_Exercise directions_: Within the records below, find each line that holds the string "place", then copy it.

(Stored data)
○ ○ ○ ○ ○ ○ ○
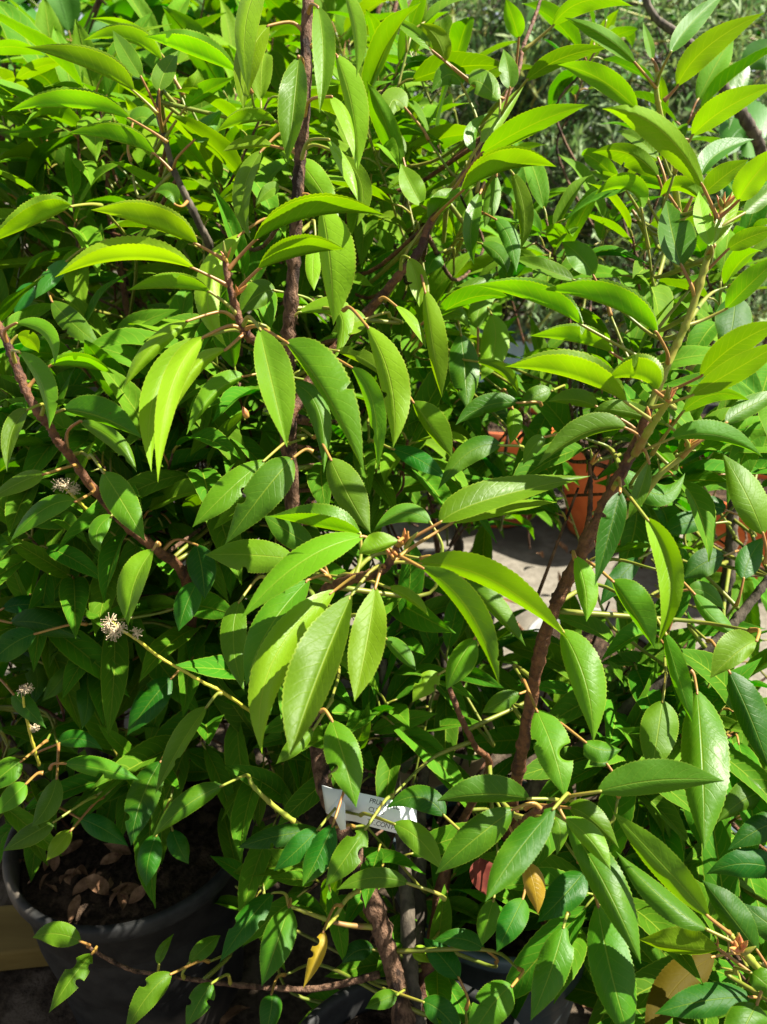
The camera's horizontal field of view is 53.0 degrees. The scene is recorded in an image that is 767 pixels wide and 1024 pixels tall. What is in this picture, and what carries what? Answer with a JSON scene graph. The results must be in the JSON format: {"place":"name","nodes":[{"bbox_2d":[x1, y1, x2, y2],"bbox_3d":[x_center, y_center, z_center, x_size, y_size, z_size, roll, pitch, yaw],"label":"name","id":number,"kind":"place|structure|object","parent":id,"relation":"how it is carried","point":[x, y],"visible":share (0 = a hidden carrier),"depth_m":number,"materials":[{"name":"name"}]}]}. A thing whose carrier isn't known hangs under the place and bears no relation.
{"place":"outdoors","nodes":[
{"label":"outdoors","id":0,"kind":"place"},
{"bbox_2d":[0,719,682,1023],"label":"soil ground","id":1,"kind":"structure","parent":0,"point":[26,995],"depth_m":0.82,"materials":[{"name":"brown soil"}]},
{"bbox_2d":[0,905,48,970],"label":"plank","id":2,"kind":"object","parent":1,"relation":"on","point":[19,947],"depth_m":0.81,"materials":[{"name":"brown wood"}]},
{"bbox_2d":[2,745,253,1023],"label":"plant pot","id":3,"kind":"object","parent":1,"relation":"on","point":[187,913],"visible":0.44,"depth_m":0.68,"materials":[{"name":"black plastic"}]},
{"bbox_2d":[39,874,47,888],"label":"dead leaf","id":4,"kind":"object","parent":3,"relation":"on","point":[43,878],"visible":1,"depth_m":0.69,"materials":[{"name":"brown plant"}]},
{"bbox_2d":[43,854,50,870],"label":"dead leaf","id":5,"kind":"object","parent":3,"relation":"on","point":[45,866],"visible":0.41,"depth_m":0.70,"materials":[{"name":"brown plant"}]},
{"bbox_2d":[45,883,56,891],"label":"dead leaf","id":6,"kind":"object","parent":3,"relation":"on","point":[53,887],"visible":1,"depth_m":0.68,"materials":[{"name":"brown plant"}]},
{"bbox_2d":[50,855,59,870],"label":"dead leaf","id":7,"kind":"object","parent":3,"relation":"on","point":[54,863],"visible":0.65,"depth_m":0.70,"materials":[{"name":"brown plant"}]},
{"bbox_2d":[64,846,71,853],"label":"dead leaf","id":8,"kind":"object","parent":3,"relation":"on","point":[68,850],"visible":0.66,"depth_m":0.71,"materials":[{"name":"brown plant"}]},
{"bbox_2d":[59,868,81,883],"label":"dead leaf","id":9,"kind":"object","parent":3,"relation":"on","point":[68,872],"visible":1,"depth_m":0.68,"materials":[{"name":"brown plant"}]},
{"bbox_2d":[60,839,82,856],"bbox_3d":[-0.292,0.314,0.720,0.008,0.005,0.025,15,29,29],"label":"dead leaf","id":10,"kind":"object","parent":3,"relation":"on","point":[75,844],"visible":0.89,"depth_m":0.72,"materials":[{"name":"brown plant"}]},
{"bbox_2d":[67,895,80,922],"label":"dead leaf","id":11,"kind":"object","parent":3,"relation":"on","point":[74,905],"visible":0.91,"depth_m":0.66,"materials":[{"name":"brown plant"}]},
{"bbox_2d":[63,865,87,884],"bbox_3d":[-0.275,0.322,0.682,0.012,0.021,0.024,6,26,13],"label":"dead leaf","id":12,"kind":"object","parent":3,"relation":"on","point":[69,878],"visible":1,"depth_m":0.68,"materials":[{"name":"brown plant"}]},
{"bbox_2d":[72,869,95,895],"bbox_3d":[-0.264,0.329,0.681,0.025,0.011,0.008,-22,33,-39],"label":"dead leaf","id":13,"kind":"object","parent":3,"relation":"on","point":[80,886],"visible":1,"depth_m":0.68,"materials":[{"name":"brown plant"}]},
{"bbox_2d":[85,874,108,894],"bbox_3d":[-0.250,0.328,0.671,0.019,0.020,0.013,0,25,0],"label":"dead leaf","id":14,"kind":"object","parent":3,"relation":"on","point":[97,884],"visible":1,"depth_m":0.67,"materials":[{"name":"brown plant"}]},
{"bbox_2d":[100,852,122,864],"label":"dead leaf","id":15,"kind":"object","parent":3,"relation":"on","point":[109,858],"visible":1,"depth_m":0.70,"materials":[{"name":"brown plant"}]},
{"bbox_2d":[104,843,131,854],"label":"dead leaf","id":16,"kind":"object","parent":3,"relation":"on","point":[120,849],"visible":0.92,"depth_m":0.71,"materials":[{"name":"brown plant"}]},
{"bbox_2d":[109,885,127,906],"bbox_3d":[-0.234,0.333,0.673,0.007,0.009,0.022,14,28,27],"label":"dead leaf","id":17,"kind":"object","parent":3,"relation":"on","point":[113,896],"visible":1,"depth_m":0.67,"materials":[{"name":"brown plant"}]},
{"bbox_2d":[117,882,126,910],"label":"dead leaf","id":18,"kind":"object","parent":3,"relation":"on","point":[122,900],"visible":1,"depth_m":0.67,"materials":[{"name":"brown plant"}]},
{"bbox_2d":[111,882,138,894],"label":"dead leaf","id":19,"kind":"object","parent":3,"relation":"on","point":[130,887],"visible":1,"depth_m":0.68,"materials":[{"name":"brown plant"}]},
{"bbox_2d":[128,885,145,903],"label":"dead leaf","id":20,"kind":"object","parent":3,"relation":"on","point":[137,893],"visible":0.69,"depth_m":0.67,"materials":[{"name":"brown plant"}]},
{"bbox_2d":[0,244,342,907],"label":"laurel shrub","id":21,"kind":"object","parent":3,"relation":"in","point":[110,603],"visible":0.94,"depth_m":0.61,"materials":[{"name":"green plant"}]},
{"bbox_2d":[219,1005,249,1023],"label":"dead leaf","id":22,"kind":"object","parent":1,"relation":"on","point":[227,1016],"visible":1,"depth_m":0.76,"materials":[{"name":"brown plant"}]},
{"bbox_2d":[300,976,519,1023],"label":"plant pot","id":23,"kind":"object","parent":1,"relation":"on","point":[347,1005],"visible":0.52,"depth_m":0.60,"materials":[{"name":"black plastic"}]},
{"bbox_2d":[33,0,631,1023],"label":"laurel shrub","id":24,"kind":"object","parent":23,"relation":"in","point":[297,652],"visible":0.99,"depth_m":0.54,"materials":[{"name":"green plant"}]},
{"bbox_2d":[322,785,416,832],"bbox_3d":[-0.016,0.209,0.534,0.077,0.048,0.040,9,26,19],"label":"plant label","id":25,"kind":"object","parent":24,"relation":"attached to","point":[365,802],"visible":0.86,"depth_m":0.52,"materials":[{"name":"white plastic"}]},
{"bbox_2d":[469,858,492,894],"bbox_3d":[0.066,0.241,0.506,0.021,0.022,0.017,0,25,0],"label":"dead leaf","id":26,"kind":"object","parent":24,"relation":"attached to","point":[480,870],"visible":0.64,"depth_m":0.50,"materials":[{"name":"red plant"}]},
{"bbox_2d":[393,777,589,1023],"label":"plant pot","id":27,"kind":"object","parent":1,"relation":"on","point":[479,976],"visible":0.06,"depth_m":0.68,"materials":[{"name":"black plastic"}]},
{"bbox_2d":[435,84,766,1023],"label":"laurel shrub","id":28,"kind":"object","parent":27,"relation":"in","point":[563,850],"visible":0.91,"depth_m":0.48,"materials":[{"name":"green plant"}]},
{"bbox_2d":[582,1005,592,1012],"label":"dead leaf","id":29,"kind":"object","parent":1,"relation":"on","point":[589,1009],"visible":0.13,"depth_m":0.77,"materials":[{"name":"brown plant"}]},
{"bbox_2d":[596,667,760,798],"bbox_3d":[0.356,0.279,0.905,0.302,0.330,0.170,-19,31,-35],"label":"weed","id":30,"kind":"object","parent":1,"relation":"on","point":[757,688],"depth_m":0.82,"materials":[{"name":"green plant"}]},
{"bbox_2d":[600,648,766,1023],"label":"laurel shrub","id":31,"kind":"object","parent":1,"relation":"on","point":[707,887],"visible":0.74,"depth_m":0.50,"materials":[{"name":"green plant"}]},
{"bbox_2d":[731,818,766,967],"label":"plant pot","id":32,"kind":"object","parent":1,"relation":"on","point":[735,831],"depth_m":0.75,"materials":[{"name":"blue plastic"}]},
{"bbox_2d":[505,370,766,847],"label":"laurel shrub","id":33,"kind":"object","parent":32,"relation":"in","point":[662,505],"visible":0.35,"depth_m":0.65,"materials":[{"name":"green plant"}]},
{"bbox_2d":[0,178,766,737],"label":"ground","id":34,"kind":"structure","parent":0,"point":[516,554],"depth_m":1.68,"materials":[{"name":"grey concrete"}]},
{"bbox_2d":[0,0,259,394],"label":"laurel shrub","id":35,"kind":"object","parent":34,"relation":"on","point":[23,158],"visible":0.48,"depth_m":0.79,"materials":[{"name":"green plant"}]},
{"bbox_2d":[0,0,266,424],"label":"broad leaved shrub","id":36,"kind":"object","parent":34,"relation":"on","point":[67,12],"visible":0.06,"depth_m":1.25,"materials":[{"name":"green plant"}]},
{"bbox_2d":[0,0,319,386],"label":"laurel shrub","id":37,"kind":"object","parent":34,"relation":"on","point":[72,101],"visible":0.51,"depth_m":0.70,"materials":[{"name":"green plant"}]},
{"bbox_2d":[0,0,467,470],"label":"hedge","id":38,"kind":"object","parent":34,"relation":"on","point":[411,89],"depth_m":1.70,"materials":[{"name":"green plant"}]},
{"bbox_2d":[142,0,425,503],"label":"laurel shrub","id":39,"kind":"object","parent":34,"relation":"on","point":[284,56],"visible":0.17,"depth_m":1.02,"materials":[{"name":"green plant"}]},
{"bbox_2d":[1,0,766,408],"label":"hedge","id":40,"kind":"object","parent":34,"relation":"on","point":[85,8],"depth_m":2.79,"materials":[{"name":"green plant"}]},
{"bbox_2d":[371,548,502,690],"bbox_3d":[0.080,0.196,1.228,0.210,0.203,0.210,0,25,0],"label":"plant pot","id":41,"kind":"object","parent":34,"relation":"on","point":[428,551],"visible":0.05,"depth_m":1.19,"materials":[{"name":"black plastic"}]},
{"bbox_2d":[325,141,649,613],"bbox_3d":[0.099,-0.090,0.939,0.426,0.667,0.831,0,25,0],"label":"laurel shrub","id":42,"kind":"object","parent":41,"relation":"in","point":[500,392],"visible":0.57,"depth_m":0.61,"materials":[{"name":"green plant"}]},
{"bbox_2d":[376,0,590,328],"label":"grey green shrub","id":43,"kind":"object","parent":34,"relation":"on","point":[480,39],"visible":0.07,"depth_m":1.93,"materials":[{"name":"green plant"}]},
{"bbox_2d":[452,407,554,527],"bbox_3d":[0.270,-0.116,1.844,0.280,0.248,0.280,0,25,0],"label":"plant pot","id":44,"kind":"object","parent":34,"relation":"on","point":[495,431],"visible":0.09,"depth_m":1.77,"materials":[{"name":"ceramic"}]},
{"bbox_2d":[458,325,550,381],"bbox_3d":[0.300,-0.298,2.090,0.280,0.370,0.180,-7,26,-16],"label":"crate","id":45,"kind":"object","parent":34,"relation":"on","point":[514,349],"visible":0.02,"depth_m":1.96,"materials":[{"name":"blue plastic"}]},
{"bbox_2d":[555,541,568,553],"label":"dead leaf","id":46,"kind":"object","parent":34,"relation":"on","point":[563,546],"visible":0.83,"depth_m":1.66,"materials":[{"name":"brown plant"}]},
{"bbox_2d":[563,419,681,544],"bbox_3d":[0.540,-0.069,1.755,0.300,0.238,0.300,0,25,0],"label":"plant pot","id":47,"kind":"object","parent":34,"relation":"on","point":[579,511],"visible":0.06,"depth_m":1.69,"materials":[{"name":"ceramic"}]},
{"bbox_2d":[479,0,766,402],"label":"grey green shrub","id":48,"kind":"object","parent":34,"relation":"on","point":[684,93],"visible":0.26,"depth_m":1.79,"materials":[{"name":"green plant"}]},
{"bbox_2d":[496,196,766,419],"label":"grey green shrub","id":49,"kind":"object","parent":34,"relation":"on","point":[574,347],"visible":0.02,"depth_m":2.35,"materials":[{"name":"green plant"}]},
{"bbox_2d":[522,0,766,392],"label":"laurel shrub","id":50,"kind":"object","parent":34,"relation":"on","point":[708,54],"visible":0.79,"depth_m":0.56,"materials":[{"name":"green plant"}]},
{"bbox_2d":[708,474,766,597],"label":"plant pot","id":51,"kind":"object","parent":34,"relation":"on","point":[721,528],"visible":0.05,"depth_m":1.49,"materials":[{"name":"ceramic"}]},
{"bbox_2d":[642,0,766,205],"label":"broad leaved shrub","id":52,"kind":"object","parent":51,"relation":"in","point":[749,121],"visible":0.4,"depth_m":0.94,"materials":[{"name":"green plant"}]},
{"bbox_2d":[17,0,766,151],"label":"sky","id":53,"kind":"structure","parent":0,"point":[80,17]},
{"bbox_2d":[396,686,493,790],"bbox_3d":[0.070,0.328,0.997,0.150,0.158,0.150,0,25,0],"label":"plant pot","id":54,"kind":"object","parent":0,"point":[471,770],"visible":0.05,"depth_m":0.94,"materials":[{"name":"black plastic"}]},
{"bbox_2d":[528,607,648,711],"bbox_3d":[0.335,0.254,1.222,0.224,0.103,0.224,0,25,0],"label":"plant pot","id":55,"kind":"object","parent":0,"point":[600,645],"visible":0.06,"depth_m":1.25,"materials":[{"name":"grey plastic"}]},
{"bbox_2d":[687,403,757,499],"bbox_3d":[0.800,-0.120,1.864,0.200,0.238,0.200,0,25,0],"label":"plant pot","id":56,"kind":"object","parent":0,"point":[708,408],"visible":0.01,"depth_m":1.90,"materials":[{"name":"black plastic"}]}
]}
○ ○ ○ ○ ○ ○ ○
_Solution_:
The camera's horizontal field of view is 53.0 degrees. The scene is recorded in an image that is 767 pixels wide and 1024 pixels tall. What is in this picture, and what carries what? Answer with a JSON scene graph. The results must be in the JSON format: {"place":"name","nodes":[{"bbox_2d":[x1, y1, x2, y2],"bbox_3d":[x_center, y_center, z_center, x_size, y_size, z_size, roll, pitch, yaw],"label":"name","id":number,"kind":"place|structure|object","parent":id,"relation":"how it is carried","point":[x, y],"visible":share (0 = a hidden carrier),"depth_m":number,"materials":[{"name":"name"}]}]}. A thing whose carrier isn't known hangs under the place and bears no relation.
{"place":"outdoors","nodes":[
{"label":"outdoors","id":0,"kind":"place"},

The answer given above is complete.